Omit the pictures, then write out every entry exactly as it reads.
════════════════
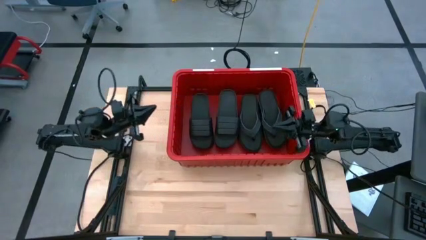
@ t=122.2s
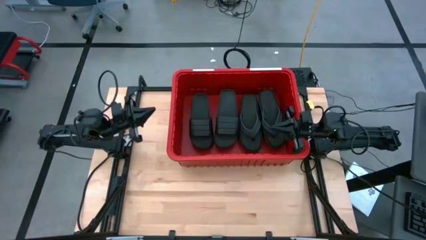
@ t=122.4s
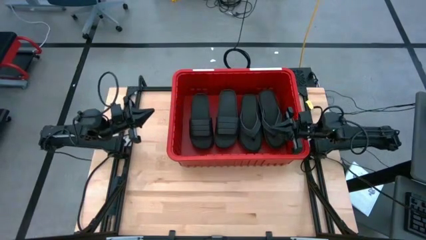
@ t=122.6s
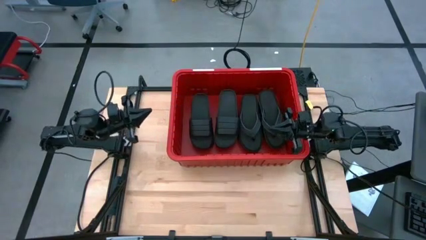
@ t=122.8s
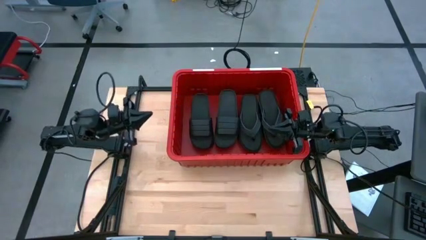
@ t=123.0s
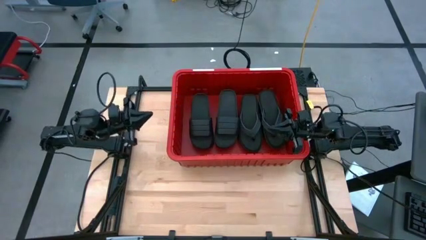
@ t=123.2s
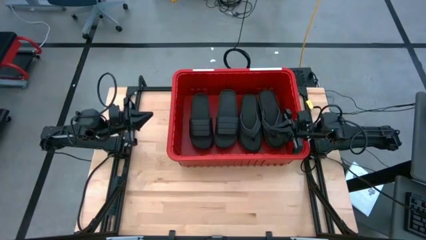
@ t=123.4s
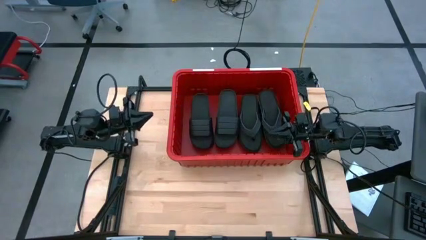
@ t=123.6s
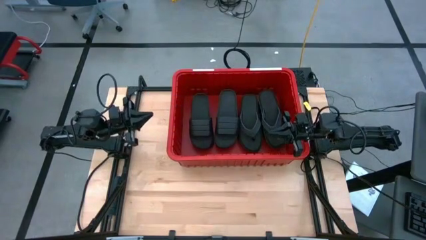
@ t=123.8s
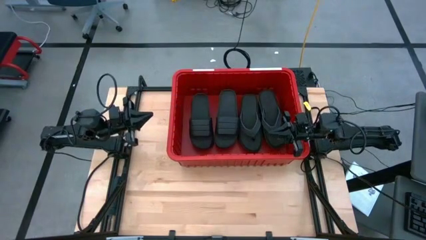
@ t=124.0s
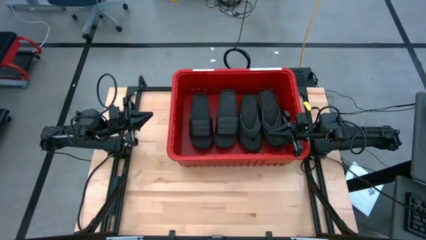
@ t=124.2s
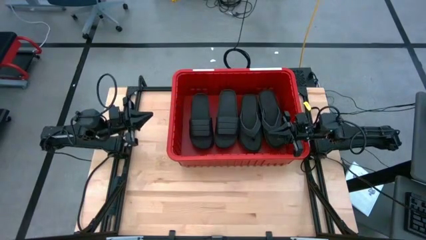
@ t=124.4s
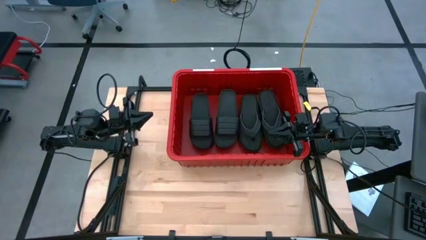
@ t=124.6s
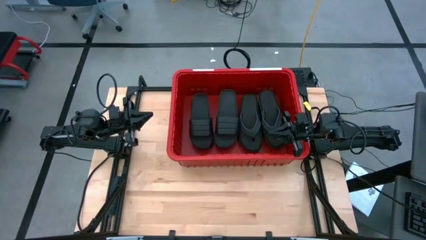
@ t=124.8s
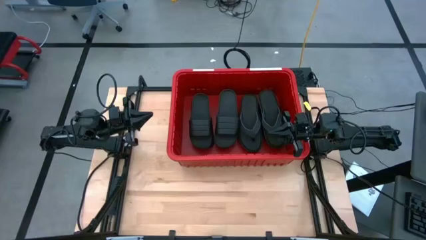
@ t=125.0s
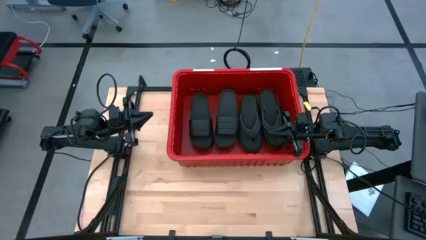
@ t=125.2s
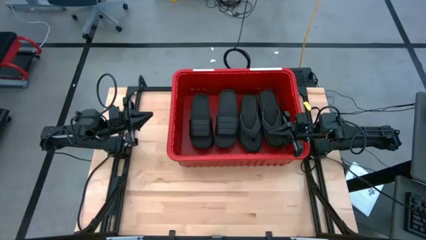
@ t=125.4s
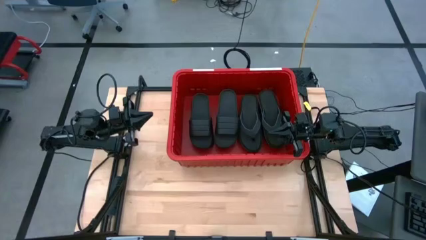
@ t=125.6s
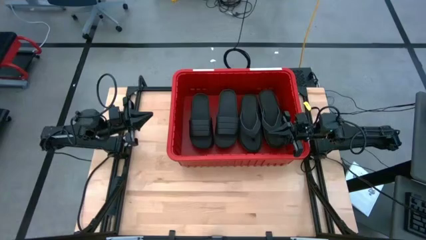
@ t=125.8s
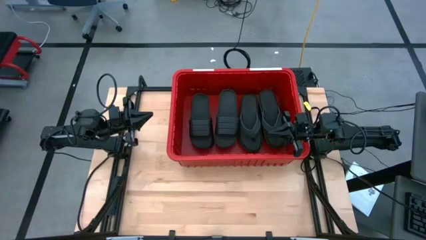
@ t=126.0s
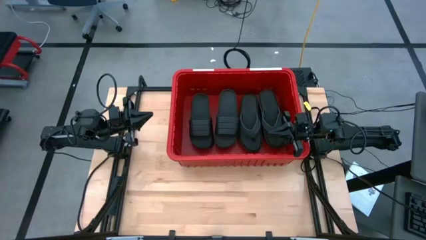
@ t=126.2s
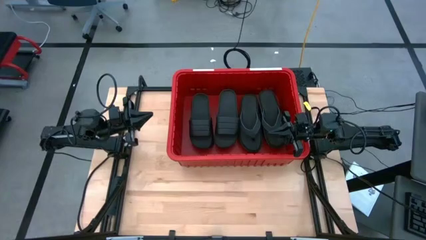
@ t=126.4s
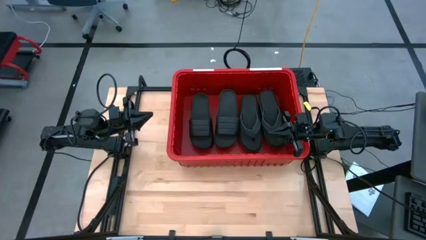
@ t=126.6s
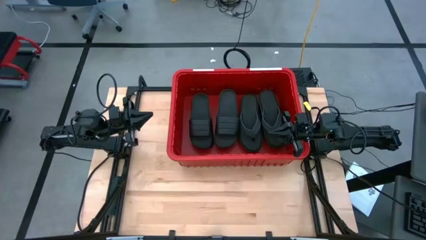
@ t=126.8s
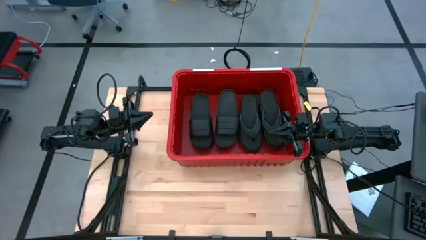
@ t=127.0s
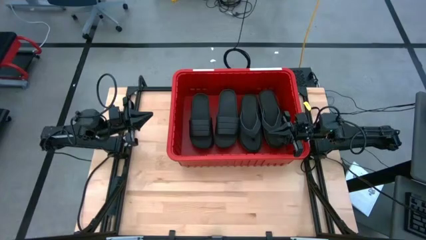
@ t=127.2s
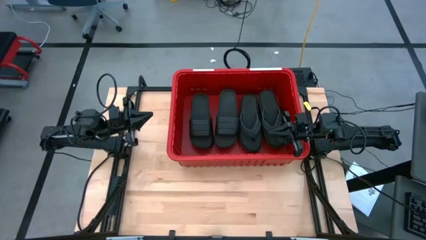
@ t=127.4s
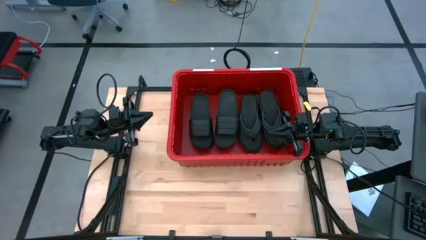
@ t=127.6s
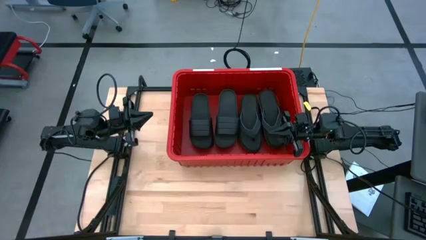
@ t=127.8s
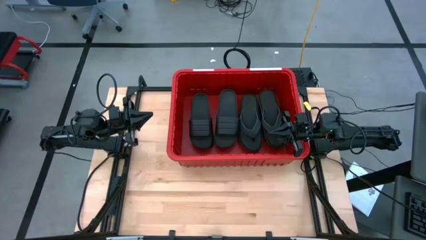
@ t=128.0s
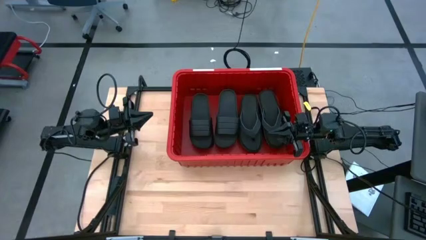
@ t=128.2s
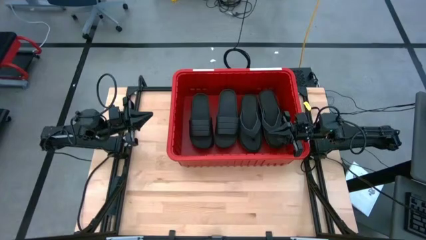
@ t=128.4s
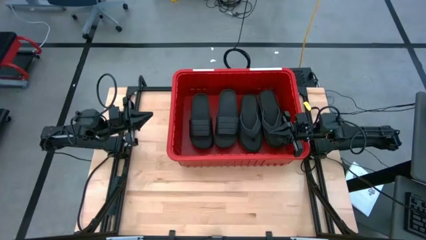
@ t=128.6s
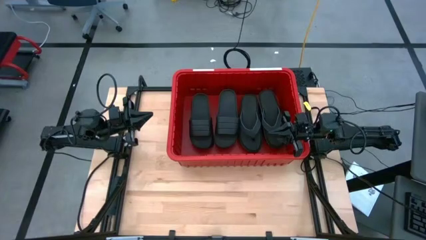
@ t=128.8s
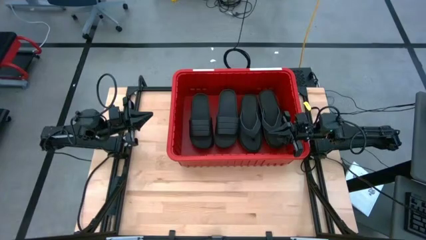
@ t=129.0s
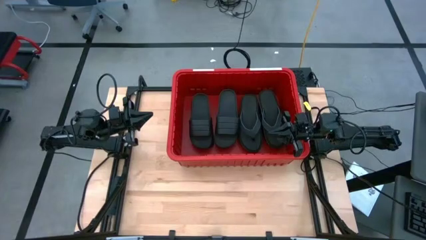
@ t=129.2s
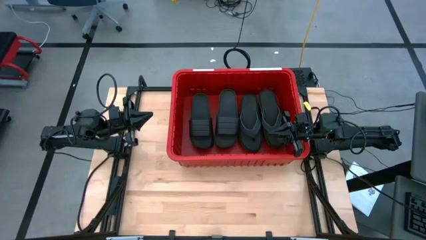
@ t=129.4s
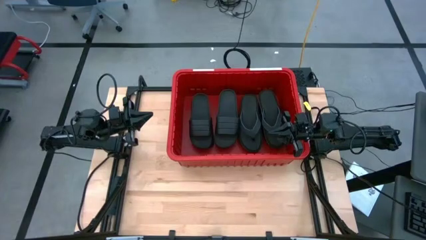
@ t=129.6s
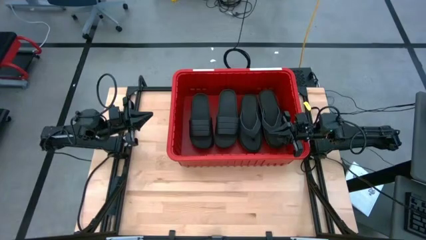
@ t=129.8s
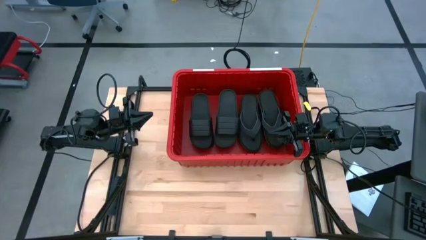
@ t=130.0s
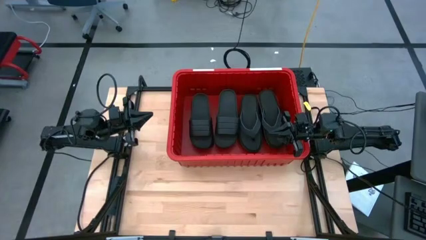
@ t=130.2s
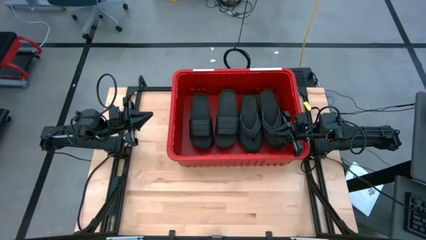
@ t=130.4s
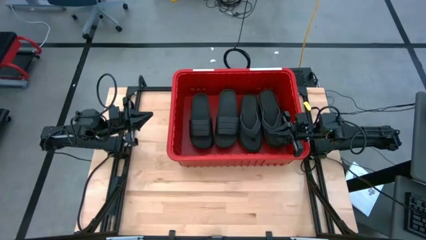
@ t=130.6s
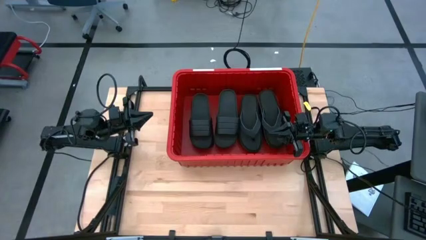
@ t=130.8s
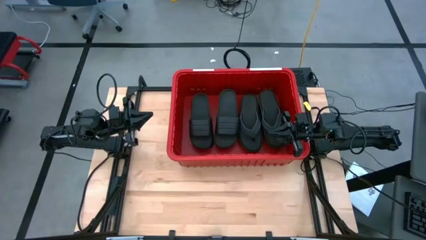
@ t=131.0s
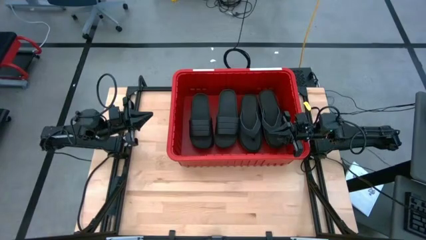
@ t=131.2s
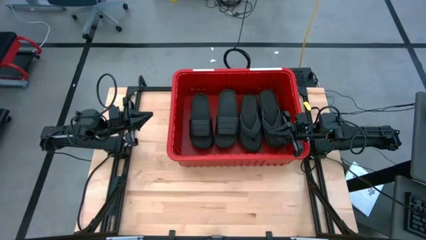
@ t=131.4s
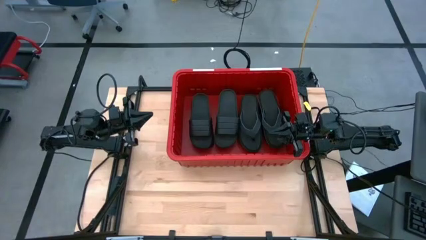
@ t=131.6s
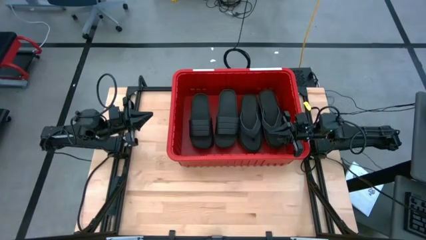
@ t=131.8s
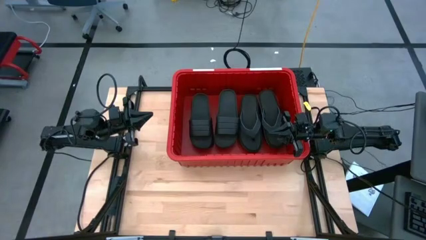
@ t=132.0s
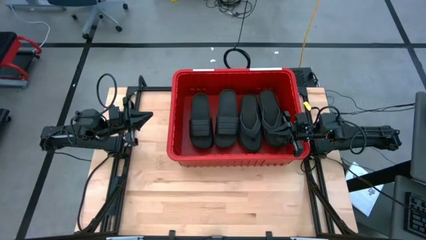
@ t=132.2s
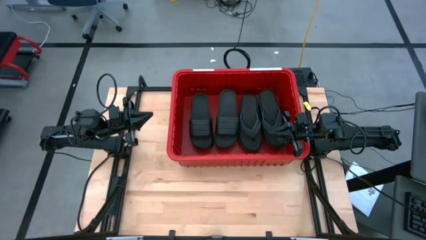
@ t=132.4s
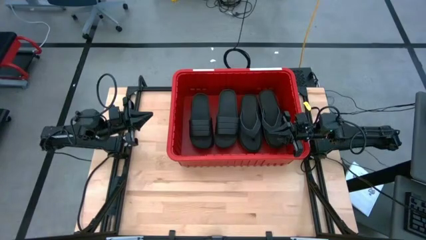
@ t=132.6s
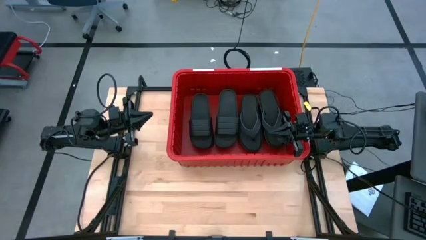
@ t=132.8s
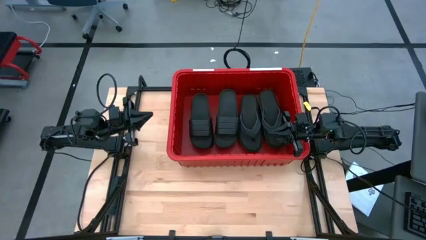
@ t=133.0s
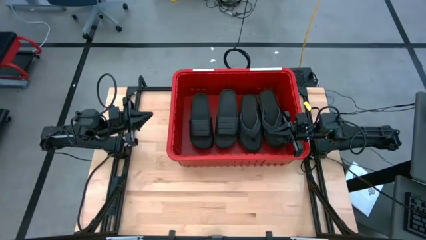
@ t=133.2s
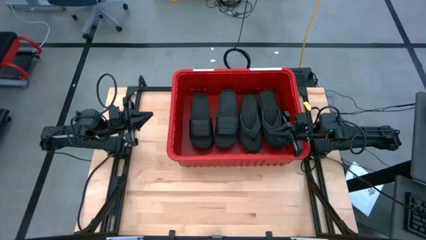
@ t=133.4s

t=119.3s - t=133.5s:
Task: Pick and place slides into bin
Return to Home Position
════════════════
(Solved problem):
@ t=122.2s
@ t=122.4s
@ t=122.6s
@ t=122.8s
@ t=123.0s
@ t=123.2s
@ t=123.4s
@ t=123.6s
@ t=123.8s
@ t=124.0s
@ t=124.2s
@ t=124.4s
@ t=124.6s
@ t=124.8s
@ t=125.0s
@ t=125.2s
@ t=125.4s
@ t=125.6s
@ t=125.8s
@ t=126.0s
@ t=126.2s
@ t=126.4s
@ t=126.6s
@ t=126.8s
@ t=127.0s
@ t=127.2s
@ t=127.4s
@ t=127.6s
@ t=127.8s
@ t=128.0s
@ t=128.2s
@ t=128.4s
@ t=128.6s
@ t=128.8s
@ t=129.0s
@ t=129.2s
@ t=129.4s
@ t=129.6s
@ t=129.8s
@ t=130.0s
@ t=130.2s
@ t=130.4s
@ t=130.6s
@ t=130.8s
@ t=131.0s
@ t=131.2s
@ t=131.4s
@ t=131.6s
@ t=131.8s
@ t=132.0s
@ t=132.2s
@ t=132.4s
@ t=132.6s
@ t=132.8s
@ t=133.0s
@ t=133.2s
@ t=133.4s

t=119.3s - t=133.5s:
Task: Pick and place slides into bin
Return to Home Position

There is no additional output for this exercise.